Wednesday, July 2, 2014

Another Doctor, Another Day...

I'm writing this as I'm waiting upon Charles to return from having the Mazda serviced, then to go to another appointment. This one, with Jill the NP, who monitors my immune system to--we hope--prevent its absolute demise. I don't envy her this job: slammed by weekly infusion and tested by continual waves of bacterial infections, I am a battleground.

I also do not envy her my mood today as I last thing I want to do is go to see a doctor or any stripe. I reach, occasionally, this plateau of "fed up" wherein the last thing I want to hear is more of what I should do--blah blah this, blah blah that, take this, crush that pill, put this evil tasting elixir down your tube. I feel like if any of these people had to walk in my shoes, breathe through my tube, eat through my tiny aperture, they'd simply shut up for a few months, knowing that I'm already living through a miasma of musts. They'd understand that one more instruction may be the tipping point where my temper takes over my normally positive outlook.

In real life, most doctors treat me well. They act as if I'm intelligent, I act as if I am, and I'm very honest with them. If they ask me to do something I won't do, I tell them. Then I allow them to sell me on the necessity of their instruction or modify it into acceptable range. They usually win. To doctors, as a group, there is a way through a thicket, not a network of paths, and your body will be forced down one at the expense of forging a new one because the appointment you have is scheduled for 15 minutes and they are already running 1.5 hours late.

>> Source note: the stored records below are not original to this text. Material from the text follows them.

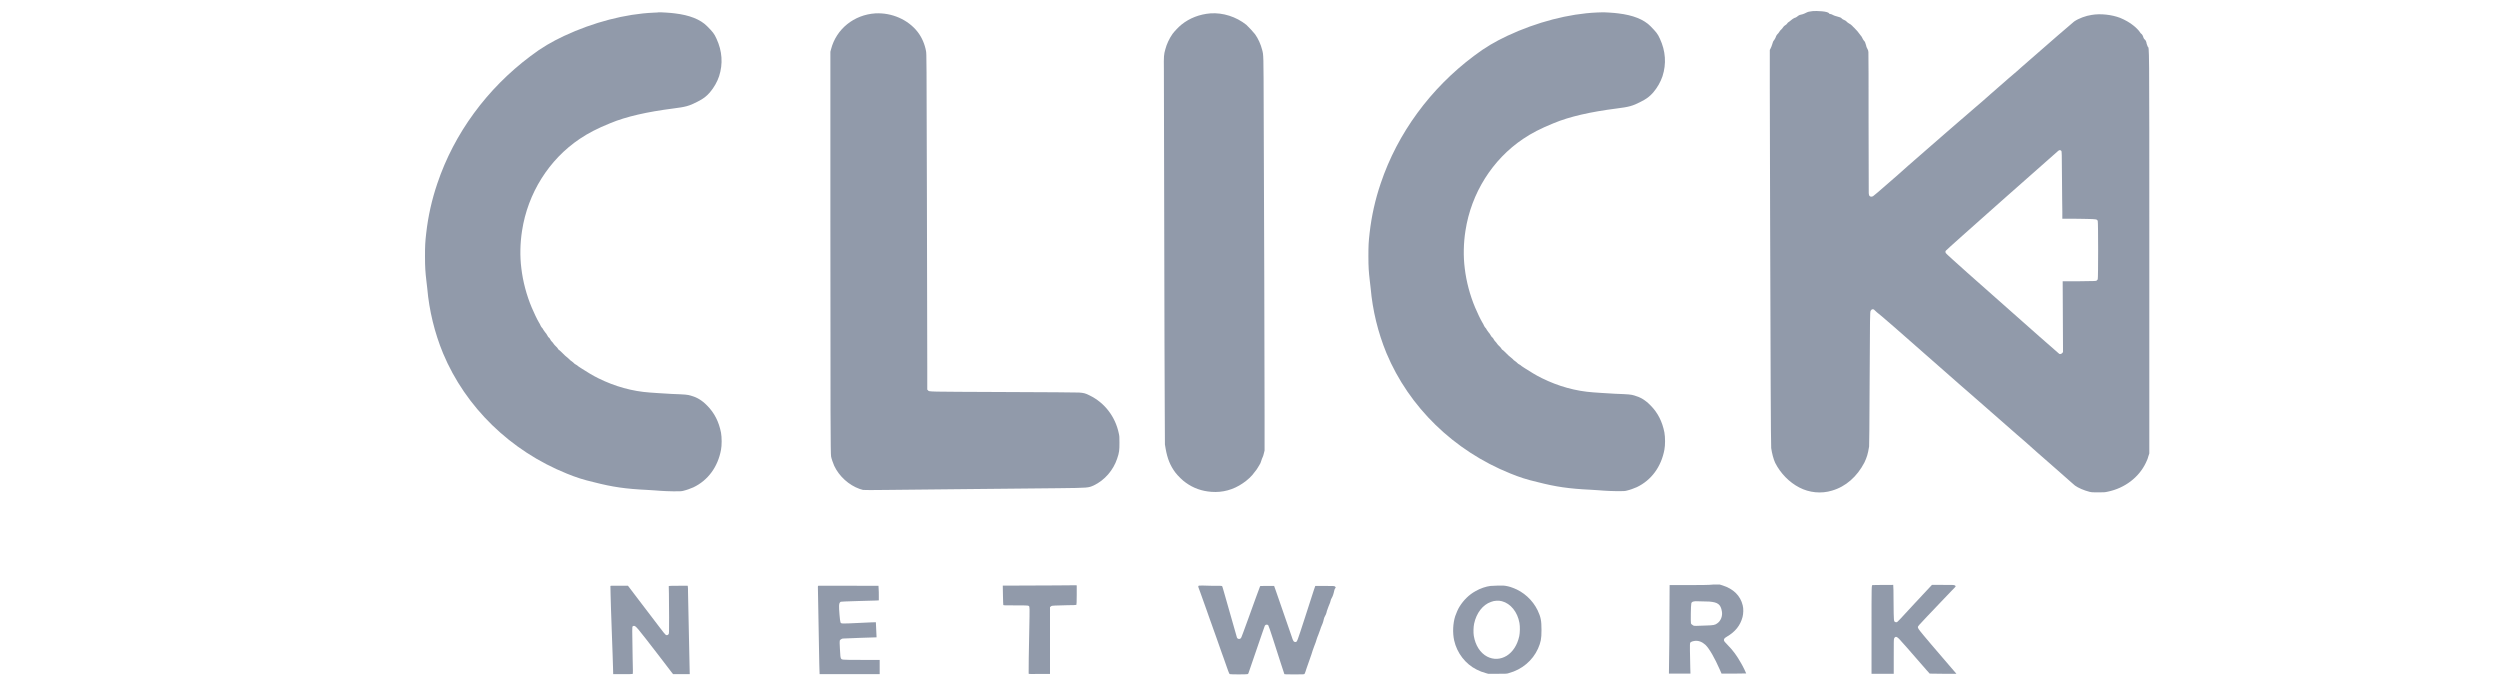 <?xml version="1.0" encoding="utf-8"?>
<!-- Generator: Adobe Illustrator 27.5.0, SVG Export Plug-In . SVG Version: 6.00 Build 0)  -->
<svg version="1.1" id="Слой_1" xmlns="http://www.w3.org/2000/svg" xmlns:xlink="http://www.w3.org/1999/xlink" x="0px" y="0px"
	 viewBox="0 0 144 40" style="enable-background:new 0 0 144 40;" xml:space="preserve">
<style type="text/css">
	.st0{fill:#919AAA;}
</style>
<g transform="translate(0,4139) scale(0.1,-0.1)">
	<path class="st0" d="M1044.1,41383.6c-1.9-0.2-2.8-0.4-3.9-1c-0.5-0.3-1.3-0.6-1.9-0.8c-0.6-0.2-1.3-0.3-1.6-0.4
		c-0.3-0.1-0.9-0.4-1.2-0.7c-0.4-0.3-0.9-0.7-1.2-0.8c-0.3-0.1-0.7-0.2-1-0.4c-0.3-0.1-0.8-0.5-1.1-0.7c-0.3-0.3-1-0.8-1.5-1.2
		c-0.5-0.3-1.2-0.8-1.3-1.2c-0.2-0.3-0.8-0.8-1.2-1s-0.9-0.7-1.2-1.2c-0.2-0.4-0.7-0.9-1-1.2c-0.3-0.2-0.8-0.8-1.1-1.3
		c-0.3-0.5-0.8-1.2-1.2-1.5c-0.3-0.3-0.6-0.9-0.7-1.1c-0.1-0.3-0.2-0.7-0.4-1c-0.1-0.2-0.4-0.8-0.7-1.2c-0.6-0.7-0.7-1-1.2-2.7
		c-0.2-0.6-0.5-1.5-0.8-2l-0.5-1v-21.1c0-23.1,0.3-114.9,0.5-171.3c0.1-23,0.2-36.1,0.3-36.9c0.5-3.3,1.3-6.3,2.3-8.5
		c3.1-6.1,8.1-11.2,13.9-14.2c5.7-3,12.7-3.7,18.8-1.8c8,2.3,14.5,8.1,18.7,16.2c1.4,3,2,4.8,2.7,9.2c0.1,0.7,0.2,13.2,0.3,36.3
		c0.2,40.1,0.2,41,0.6,41.9c0.5,1,1.6,1.2,2.3,0.3c0.2-0.2,0.8-0.7,1.3-1.2c1.7-1.2,12.5-10.6,47.8-41.7c3-2.6,7.8-6.8,10.9-9.5
		c11.3-9.9,16.2-14.2,21.8-19.1c3.2-2.7,8.4-7.3,11.6-10.2c3.2-2.8,8.7-7.6,12.1-10.6c8.8-7.7,9.1-8.1,9.9-8.7
		c1.8-1.3,5.2-2.8,8.4-3.6c1.3-0.3,1.8-0.3,5-0.3c3.3,0,3.7,0,5.5,0.4c9.7,2,17.9,8.2,21.9,16.6c0.5,1,1.2,2.6,1.4,3.6l0.6,1.8
		v115.8c0,126.1,0,117.1-0.9,118.5c-0.2,0.4-0.5,1.2-0.6,1.6c-0.2,1.3-0.6,2.2-1.2,2.6c-0.3,0.2-0.5,0.6-0.7,1.1
		c-0.3,1.1-0.8,1.9-1.3,2.2c-0.2,0.1-0.6,0.6-0.8,1c-0.5,0.8-2.3,2.7-3.8,3.8c-1.8,1.5-4.8,3.2-7.5,4.3c-4.7,1.8-11.2,2.6-16.4,1.7
		c-3.4-0.5-7.5-2-10.1-3.8c-0.6-0.4-14.7-12.6-30-26c-1-0.9-4.3-3.9-7.6-6.6c-3.2-2.8-7.8-6.8-10.3-9c-2.5-2.2-6.6-5.9-9.3-8.1
		c-2.6-2.3-8.9-7.7-13.9-12c-8.7-7.5-14.4-12.6-20.2-17.6c-1.4-1.3-6.1-5.2-10.2-9c-12.5-10.9-13.8-12-14.3-12.3
		c-0.7-0.4-1.6-0.4-2,0.1c-0.3,0.3-0.4,0.6-0.5,1.6c0,0.7-0.1,19.1-0.1,40.8s0,39.9-0.1,40.5c-0.1,0.8-0.2,1.3-0.6,1.9
		c-0.3,0.5-0.7,1.4-0.8,2.2c-0.4,1.5-0.6,1.9-1.2,2.5c-0.2,0.2-0.6,0.9-0.8,1.3c-0.2,0.6-0.7,1.3-1,1.6c-0.3,0.3-0.8,1-1,1.3
		c-0.4,0.7-1.2,1.5-2.7,3.1c-0.3,0.2-0.9,0.9-1.3,1.3c-0.5,0.5-1.3,1.1-1.8,1.3c-0.5,0.3-1.2,0.8-1.4,1.1s-0.9,0.7-1.4,0.9
		c-0.5,0.2-1.1,0.5-1.2,0.7c-0.6,0.7-1.2,0.9-2.8,1.3c-1,0.2-1.9,0.6-2.1,0.7c-0.6,0.4-1.4,0.7-2.5,0.9
		C1053.5,41383.6,1046,41383.8,1044.1,41383.6z M1187.3,41303.1c0.3-0.4,0.3-0.9,0.4-15.7c0.1-8.5,0.1-17.1,0.2-19.4v-4h4.2
		c2.3,0,6.6,0,9.6-0.1c6.1-0.1,6.2-0.2,6.6-1.2c0.3-0.7,0.3-33,0-33.6c-0.1-0.2-0.4-0.5-0.6-0.7c-0.4-0.3-0.5-0.3-10-0.4h-9.6
		l0.1-20.4l0.1-20.4l-0.4-0.5c-0.5-0.6-1.3-0.8-1.8-0.5c-0.4,0.2-11.9,10.4-52.9,46.7c-6.7,6-12.3,11-12.4,11.3
		c-0.3,0.6-0.3,1,0,1.4c0.2,0.5,62.9,56,64.5,57.3C1186.1,41303.7,1186.8,41303.7,1187.3,41303.1z"/>
	<path class="st0" d="M919.8,41382.8c-16.1-0.7-34.6-5.5-51.5-13.4c-7-3.3-12.9-6.7-19.3-11.6c-25-18.7-44-44.5-53.7-73.4
		c-3.2-9.4-5.3-18.9-6.4-28.6c-0.6-5.2-0.7-7.3-0.7-13.4c0-6.2,0.2-9,0.8-14.1c0.2-1.3,0.4-3.2,0.5-4.3c1.1-12.7,4.2-25.5,9.1-37.4
		c13-31.1,38.8-56.2,71.3-69.3c5.4-2.2,9.4-3.5,15.8-5c10.5-2.7,18-3.8,30.7-4.4c2.3-0.1,5.6-0.4,7.3-0.5c2-0.2,4.7-0.2,7.6-0.3
		c3.9,0,4.6,0,5.7,0.3c2.1,0.5,3.9,1.2,5.8,2c8.4,4,14.1,11.8,15.9,21.6c0.5,2.5,0.5,7.2,0,9.9c-1.2,6.2-3.8,11.4-8,15.6
		c-3,3.1-6,4.8-9.3,5.7c-2,0.6-3.1,0.7-11.1,1c-3.4,0.2-7.1,0.4-8.2,0.5c-1.2,0.1-3.1,0.2-4.3,0.3c-10.2,0.7-20.2,3.5-29.7,8.2
		c-3.3,1.6-6.8,3.8-9.3,5.4c-0.7,0.5-1.3,0.9-1.4,0.9c-0.1,0-0.5,0.3-0.9,0.6c-0.4,0.4-1,0.8-1.4,1c-0.5,0.2-0.9,0.6-1.1,0.8
		c-0.2,0.2-0.7,0.7-1.3,1.1s-1,0.7-1,0.8s-0.5,0.5-1.2,1.1c-1.2,0.9-1.8,1.5-3.9,3.6c-0.6,0.6-1.1,1-1.2,1s-0.4,0.3-0.6,0.7
		c-0.2,0.4-0.8,1.1-1.3,1.5s-1.1,1.2-1.3,1.5c-0.2,0.4-0.7,0.9-1,1.2c-0.3,0.3-0.7,0.9-0.9,1.3c-0.2,0.5-0.6,0.9-0.8,1
		c-0.2,0.1-0.5,0.5-0.9,1.2c-0.3,0.6-0.8,1.3-1.2,1.7c-0.3,0.4-0.8,1.1-1,1.4c-0.2,0.5-0.6,1.1-0.9,1.3c-0.3,0.3-0.6,0.9-0.8,1.3
		c-0.2,0.4-0.5,1.2-0.9,1.7c-1,1.6-3,5.9-4.1,8.5c-3,7.1-5.1,15-6,22.6c-0.9,7-0.7,14.7,0.4,21.7c3.3,21.6,15.5,41,33.2,52.9
		c4.9,3.3,10.1,6,17.5,9c9.3,3.9,21.5,6.6,36.3,8.5c7.1,0.9,9.2,1.4,14,3.9c3.4,1.7,5.2,3.1,7.2,5.4c2.3,2.7,4.2,6,5.3,9.3
		c2.3,7.2,1.8,14.5-1.5,21.6c-1.3,2.9-2.1,3.8-5.5,7.3c-3.8,3.8-10,6.3-18.5,7.3c-2,0.3-8.1,0.7-9.5,0.6
		C922.6,41382.9,921.2,41382.9,919.8,41382.8z"/>
	<path class="st0" d="M376.4,41382.7c-16.1-0.7-34.6-5.5-51.5-13.4c-7-3.3-12.9-6.7-19.3-11.6c-25-18.7-44-44.5-53.7-73.4
		c-3.2-9.4-5.3-18.9-6.4-28.6c-0.6-5.2-0.7-7.3-0.7-13.4c0-6.2,0.2-9,0.8-14.1c0.2-1.3,0.4-3.2,0.5-4.3c1.1-12.7,4.2-25.5,9.1-37.4
		c13-31.1,38.8-56.2,71.3-69.3c5.4-2.2,9.4-3.5,15.8-5c10.5-2.7,18-3.8,30.7-4.4c2.3-0.1,5.6-0.4,7.3-0.5c2-0.2,4.7-0.2,7.6-0.3
		c3.9,0,4.6,0,5.7,0.3c2.1,0.5,3.9,1.2,5.8,2c8.4,4,14.1,11.8,15.9,21.6c0.5,2.5,0.5,7.2,0,9.9c-1.2,6.2-3.8,11.4-8,15.6
		c-3,3.1-6,4.8-9.3,5.7c-2,0.6-3.1,0.7-11.1,1c-3.4,0.2-7.1,0.4-8.2,0.5c-1.2,0.1-3.1,0.2-4.3,0.3c-10.2,0.7-20.2,3.5-29.7,8.2
		c-3.3,1.6-6.8,3.8-9.3,5.4c-0.7,0.5-1.3,0.9-1.4,0.9c-0.1,0-0.5,0.3-0.9,0.6c-0.4,0.4-1,0.8-1.4,1c-0.5,0.2-0.9,0.6-1.1,0.8
		c-0.2,0.2-0.7,0.7-1.3,1.1s-1,0.7-1,0.8c0,0-0.5,0.5-1.2,1.1c-1.2,0.9-1.8,1.5-3.9,3.6c-0.6,0.6-1.1,1-1.2,1
		c-0.1,0-0.4,0.3-0.6,0.7c-0.2,0.4-0.8,1.1-1.3,1.5s-1.1,1.2-1.3,1.5c-0.2,0.4-0.7,0.9-1,1.2c-0.3,0.2-0.7,0.9-0.9,1.3
		c-0.2,0.5-0.6,0.9-0.8,1c-0.2,0.1-0.5,0.5-0.9,1.3c-0.3,0.6-0.8,1.3-1.2,1.7c-0.3,0.4-0.8,1.1-1,1.4c-0.2,0.5-0.6,1.1-0.9,1.3
		c-0.3,0.3-0.6,0.9-0.8,1.3c-0.2,0.4-0.5,1.2-0.9,1.7c-1,1.6-3,5.9-4.1,8.5c-3,7.1-5.1,15-6,22.6c-0.9,7-0.7,14.7,0.4,21.7
		c3.3,21.6,15.5,41,33.2,52.9c4.9,3.3,10.1,6,17.5,9c9.3,3.9,21.5,6.6,36.3,8.5c7.1,0.9,9.2,1.4,14,3.9c3.4,1.7,5.2,3.1,7.2,5.4
		c2.3,2.7,4.2,6,5.3,9.3c2.3,7.2,1.8,14.5-1.5,21.6c-1.3,2.9-2.1,3.9-5.5,7.3c-3.8,3.8-10,6.3-18.5,7.3c-2,0.3-8.1,0.7-9.5,0.6
		C379.3,41382.8,378,41382.8,376.4,41382.7z"/>
	<path class="st0" d="M504.2,41382.3c-12.3-0.8-22.5-9-25.5-20.6l-0.4-1.5v-97.5c0-113.1,0.1-134,0.4-135.6c0.2-1.3,1.1-3.7,1.8-5.4
		c2.8-6,8.4-11.1,14.6-13.3c0.8-0.2,1.6-0.5,2-0.6c0.4-0.1,6.2-0.1,13.2,0c6.8,0.1,28.8,0.3,48.6,0.5c19.8,0.2,42.7,0.4,50.8,0.5
		c17.4,0.2,17.1,0.2,20.3,1.6c6.3,3,11.3,8.8,13.5,15.5c1.2,3.5,1.3,4.8,1.3,9c0,3.5,0,3.8-0.4,5.6c-2,9.5-8.1,17.5-16.7,21.7
		c-2.5,1.3-3.5,1.5-6.2,1.7c-1.4,0.1-18.4,0.2-43.7,0.3c-44.9,0.2-42.5,0.1-43.3,1l-0.4,0.4v13.3c0,7.3-0.1,50.8-0.2,96.6
		c-0.2,82.4-0.2,83.3-0.5,85c-0.7,4-2.4,8-4.9,11.2C523,41378.7,513.7,41382.8,504.2,41382.3z"/>
	<path class="st0" d="M697.2,41382.3c-6.2-0.5-12-2.7-16.7-6.5c-1.5-1.2-4-3.8-5.1-5.3c-1.9-2.7-3.4-5.9-4.2-9
		c-0.8-3-0.9-3.5-0.8-11.6c0-4.1,0.1-45.6,0.2-92.3s0.2-93.6,0.3-104.2l0.1-19.4l0.4-2.4c1-5.7,2.6-9.8,5.7-13.9
		c1.3-1.7,4.1-4.5,5.9-5.7c4.4-3.2,9.3-4.9,14.8-5.3c6.4-0.5,12.6,1.2,18,4.9c2.6,1.7,5.4,4.3,6.8,6.4c0.3,0.4,0.8,1.1,1.1,1.4
		c0.3,0.4,0.7,1,0.9,1.4c0.2,0.4,0.6,1.1,0.9,1.5s0.8,1.4,1,2.3c0.2,0.9,0.7,1.8,0.8,2.1c0.2,0.3,0.5,1.3,0.7,2.2l0.4,1.6v19.4
		c0,23.7-0.3,129.8-0.5,174.6c-0.1,35.4-0.1,33.6-0.9,36.8c-0.8,3.2-2.3,6.5-4.1,9c-1.2,1.5-3.5,4-5,5.4
		C712,41380.4,704.4,41382.8,697.2,41382.3z"/>
	<path class="st0" d="M972.4,41053h-10.7l-0.1-17.3c0-9.5-0.1-21-0.2-25.5l-0.1-8.2h6.2h6.2l-0.1,3.2c-0.2,8-0.3,14.2-0.1,14.5
		c0.3,0.5,1.1,0.9,2.4,1.1c2.3,0.4,4.5-0.5,6.4-2.2c2.3-2.2,5.4-7.7,8.3-14.3l1-2.3h7.1c3.9,0,7.1,0.1,7.1,0.1c0,0.2-1.9,4.2-3,6
		c-2.3,4.1-4.6,7.3-7.6,10.3c-1.7,1.7-2.1,2.3-2.2,2.7c-0.1,0.9,0.2,1.3,1.7,2.2c4.8,2.8,7.7,6.4,9,11.3c0.5,2,0.6,4.8,0.1,6.7
		c-1.3,5.6-5.5,9.6-11.6,11.5l-1.6,0.5h-3.8C984.7,41053,978.2,41053,972.4,41053z M984.5,41043.5c5-0.4,6.6-1.6,7.3-5.6
		c0.5-2.7-0.6-5.5-2.6-6.9c-1.3-1-2.2-1.2-6.7-1.3c-2.2-0.1-4.6-0.2-5.5-0.2c-1.3,0-1.4,0-2.1,0.5c-0.4,0.2-0.9,0.7-0.9,0.9
		c-0.2,0.5-0.1,10.7,0.2,11.6c0.2,0.8,0.9,1.1,2.5,1.2C978.6,41043.6,982.5,41043.6,984.5,41043.5z"/>
	<path class="st0" d="M1078.6,41053c-0.6-0.2-0.6,0.5-0.6-25.8v-25.3h6.4h6.4v9.9c0,8,0,10,0.2,10.4c0.6,1.3,1.4,1.3,2.8-0.1
		c0.8-0.8,6.4-7.1,16-18.2c0.9-1,1.6-1.8,1.7-1.9c0.1,0,3.7-0.1,7.8-0.1h7.6l-5.5,6.4c-9,10.5-10.4,12.1-13.3,15.6
		c-2.9,3.5-3.5,4.3-3.4,5c0.1,0.5,0.7,1.1,5.2,5.9c2,2.1,5.6,5.9,7.9,8.3c2.3,2.4,5.2,5.5,6.4,6.7c1.3,1.2,2.3,2.4,2.3,2.5
		s-0.2,0.3-0.5,0.5c-0.5,0.3-0.8,0.3-6.8,0.3h-6.4l-1.5-1.6c-0.9-1-4.6-5-8.5-9.1c-8.3-9-9.8-10.7-10.3-10.8c-0.2,0-0.6,0-0.8,0.1
		c-0.9,0.4-0.9,0.2-1,11.2c0,5.6-0.1,10.1-0.2,10.2C1090.6,41053.1,1078.9,41053.1,1078.6,41053z"/>
	<path class="st0" d="M583.9,41052.7h-6.3l0.1-5.5c0-3.1,0.2-5.6,0.2-5.7c0.1-0.2,1.2-0.2,7.1-0.2c7.7,0,7.5,0,7.9-0.8
		c0.1-0.3,0.2-1.8,0.1-5.7c-0.4-20.7-0.6-32.5-0.5-32.8c0.1-0.3,1-0.2,6.2-0.2h6.1v19.3v19.2l0.5,0.4c0.5,0.4,0.6,0.4,2.5,0.5
		c1.2,0,4.2,0.1,7,0.2c3.2,0,5.1,0.1,5.2,0.2c0.1,0.1,0.2,2,0.2,5.7v5.5l-0.4,0.1C619.5,41052.8,600.5,41052.8,583.9,41052.7z"/>
	<path class="st0" d="M690.8,41052.7c-0.7-0.1-0.7-0.4-0.4-1.3c0.2-0.5,0.6-1.6,1-2.7c0.7-1.8,1.3-3.7,3.5-9.8
		c0.5-1.3,1.3-3.8,1.9-5.4c0.6-1.5,1.4-4,2-5.6c0.5-1.5,1.4-4,2-5.6s1.4-4.1,2-5.7c0.6-1.6,1.4-4.1,2-5.6c0.5-1.5,1.4-3.9,1.9-5.4
		c0.5-1.5,1.1-3,1.2-3.2c0.1-0.3,0.3-0.6,0.5-0.7c0.4-0.2,9.7-0.2,10.2,0c0.2,0,0.4,0.3,0.5,0.5c0.6,1.9,7.4,21.7,8.1,23.6
		c0.5,1.3,1,2.8,1.1,3.1c0.2,0.9,0.7,1.3,1.3,1.3c0.4,0,0.7-0.1,0.9-0.3c0.2-0.2,1.3-3.5,2.7-7.8c1.3-4.1,3.4-10.5,4.5-14l2.1-6.4
		l0.9-0.1c1.2-0.1,8.7-0.1,9.8,0c1.1,0.1,0.9-0.2,2.1,3.5c0.5,1.3,1.3,3.8,1.9,5.4c0.6,1.6,1.3,3.8,1.6,4.8c0.3,1,0.7,2.1,0.9,2.5
		c0.6,1.4,1.2,3.2,1.5,4.3c0.2,0.7,0.6,1.6,0.8,2.1s0.7,1.8,1.1,3c0.4,1.2,0.7,2.1,0.8,2.2c0.2,0.3,1.1,2.6,1.3,3.9
		c0.2,0.7,0.4,1.4,0.6,1.6c0.4,0.6,0.9,1.7,1.2,3.2c0.2,0.7,0.6,1.8,0.9,2.5c0.3,0.7,0.7,1.6,0.9,2.2c0.4,1.7,0.7,2.4,1.1,3
		c0.4,0.6,1,2.3,1.3,3.9c0.1,0.5,0.3,1.1,0.5,1.3c0.5,0.7,0.5,0.7-0.1,1.2c-0.4,0.3-0.6,0.3-5.9,0.3h-5.4l-0.8-2.3
		c-0.4-1.3-2.7-8.4-5.1-15.8c-4.7-14.4-4.5-14.2-5.6-14.2c-0.9,0-1.3,0.6-2.1,3.2c-1.3,3.7-7.6,21.8-9,26l-1.1,3.1h-4
		c-3.8,0-4,0-4.1-0.2c0-0.2-1.2-3.1-2.4-6.5c-1.3-3.5-3.2-8.9-4.3-11.9c-1.2-3.2-2.5-6.8-3-8.2c-1-2.8-1.2-3.2-1.6-3.5
		c-0.7-0.5-1.7-0.2-2,0.5c-0.1,0.3-6.7,23.4-7.7,27c-0.4,1.3-0.7,2.5-0.8,2.6c-0.2,0.3-0.4,0.3-6.6,0.3
		C694,41052.8,691,41052.7,690.8,41052.7z"/>
	<path class="st0" d="M352.1,41052.6l-0.5-0.1l0.1-5c0-2.7,0.4-12.5,0.7-21.6c0.3-9.1,0.7-18.3,0.7-20.4l0.1-3.8h5.5
		c3,0,5.6,0,5.7,0.1c0.2,0.1,0.2,1.8,0,9.4c-0.3,17.1-0.3,17.6,0,18c0.2,0.2,0.5,0.3,0.7,0.3c1.2,0,1.7-0.7,14.3-17
		c3.7-4.8,7.1-9.2,7.5-9.8l0.8-1h4.8h4.8l-0.1,4.2c-0.3,12.1-0.9,40.8-0.9,43.1c0,1.4,0,2.9-0.1,3.1l-0.1,0.5H391
		c-2.8,0-5.2,0-5.4-0.1l-0.4-0.1l0.1-4.3c0-2.4,0.1-8.5,0.1-13.7c0-9.2,0-9.3-0.3-9.7c-0.4-0.6-1.1-0.7-1.6-0.4
		c-0.3,0.2-1.6,1.7-3.9,4.8c-7.5,9.8-8.6,11.3-12.8,16.8c-2.4,3.2-4.5,5.9-4.7,6.2l-0.4,0.5h-4.8
		C354.7,41052.6,352.4,41052.6,352.1,41052.6z"/>
	<path class="st0" d="M471.4,41052.6c-0.2,0-0.3-0.2-0.3-0.6c0-0.3,0.1-7.7,0.3-16.4s0.3-18.7,0.4-22.3c0.1-3.7,0.1-7.6,0.2-9
		l0.1-2.6h17.3h17.3v4.1v4.1h-10.6c-11.8,0-11.3,0-11.8,1.1c-0.2,0.5-0.3,1.2-0.5,5.1c-0.2,3.3-0.2,4.5-0.1,4.9
		c0.2,0.5,0.9,1,1.7,1.2c0.3,0,4.8,0.2,10,0.4s9.5,0.3,9.5,0.3c0,0.1-0.4,8.6-0.4,8.7c0,0-4.4-0.1-9.7-0.4
		c-10.5-0.5-10.3-0.5-10.7,0.4c-0.3,0.7-0.9,7.8-0.8,9.5c0.1,1.4,0.3,1.9,1,2.3c0.2,0.1,3.4,0.2,9.6,0.4c5.1,0.1,10,0.3,10.8,0.3
		l1.5,0.1v2.4c0,1.3,0,3.2-0.1,4.2l-0.1,1.8H489C479.4,41052.6,471.5,41052.6,471.4,41052.6z"/>
	<path class="st0" d="M858.5,41052.5c-2.5-0.3-5.9-1.4-8.6-3c-3.7-2-6.9-5.2-9.2-8.9c-0.8-1.2-2-4-2.5-5.5c-1.3-4.1-1.6-9.5-0.6-14
		c1.6-7.2,6.5-13.6,13-16.8c1.8-0.9,3.3-1.5,5.2-2l1.4-0.4h5.4c5,0,5.4,0,6.5,0.4c7.5,2,13.7,7.2,16.8,14.1c1.6,3.7,2,5.5,2,10.7
		c0,5.5-0.4,7.4-2.2,11.3c-2.9,6-8.2,10.8-14.3,13c-1.7,0.7-3.9,1.2-5.5,1.3C864.2,41052.7,860.5,41052.7,858.5,41052.5z
		 M865.1,41043.7c5-1.3,9-6.2,10.1-12.5c0.4-2,0.3-5.7-0.1-7.6c-1.1-5.1-3.7-9.1-7.2-11.3c-3.6-2.2-7.6-2.4-11.3-0.5
		c-4,2.1-6.8,6.5-7.7,12c-0.3,1.8-0.2,5.2,0.2,7c1.3,6.1,5,10.9,9.7,12.5C860.7,41044.1,863.3,41044.2,865.1,41043.7z"/>
</g>
</svg>

If Eliot's Prufrock had measured out his life in coffee spoons, mine is even more precise, being measured in micro liters against the hash marks on a syringe. My food runs in 2 ounce segments through a plastic syringe into my tube's hopper, and onward. Drugs trickle this way, crushed and mixed with water, or poured in from other measuring devices if liquid already. Today they will test my blood; tomorrow at infusion they will test my blood. My blood is pretty thoroughly tested each week to see if I'm standing up to what they throw my way. So far, yes, thriving even.

My weight is expanding as summer deepens, a bit of a love handle has appeared around my waist, I can make my belly button talk if I squish my stomach fat. I have luxuriant naps in the hot afternoon, now joined by my new companion, Rally, the schoodle, a six year old poodle/schnauzer mix who is 16 pounds of pure muscle and utter disdain for any other dog. I admire him as he leaps off the porch and bounds across the backyard to hate the St. Bernards, two yards away. He is single minded as I am diffuse, a foil to whatever indecisions I experience with his very pointed actions. He's also pretty much a slut for love, a state I can only imagine.

I'd like to challenge the doctors who challenge me to construct so much that is normal using a body that is anything but--but that which is miraculous to me (love handle, squishy belly, mowing the yard), is to them simple evidence that what they do works, and that I'm best to continue compliance with their vision. I like to see the universe in more mystical terms, and experience it as a sum total of good v. evil on a daily tally. Three hour nap, nothing got done? half good, half bad. One hour nap, some mowing accomplished? way better, good takes it three to one.

The great issue, of course, is that there's no endpoint for us, and to their credit, virtually every doctor I've had has admitted that. We aren't working to a cure, a remission. We are working to establish what will become maintenance, the point of non-variance from a compromised norm, incorporating the less desireable traits of surviving (food and trach tubes, prime examples), with the metrics of relative robustness (healthy weight, well balanced internal chemistry).

In marriage, death is countenanced as the great parting of souls united--though more frequently, it's lack of money or skanks that do the work. Death too is the great parting I'll have with my doctors, who will, until that time, be affianced to my "problem." Like any of the dating pairs I've known, we'll have our problems; misunderstandings that escalate to stand-offs, the silent treatment, misapprehension of intention, a less than fulsome kiss hello or good bye. Today I see the doctor and I'm tired of our thing we've got--by the time it's over, I may well be back in love.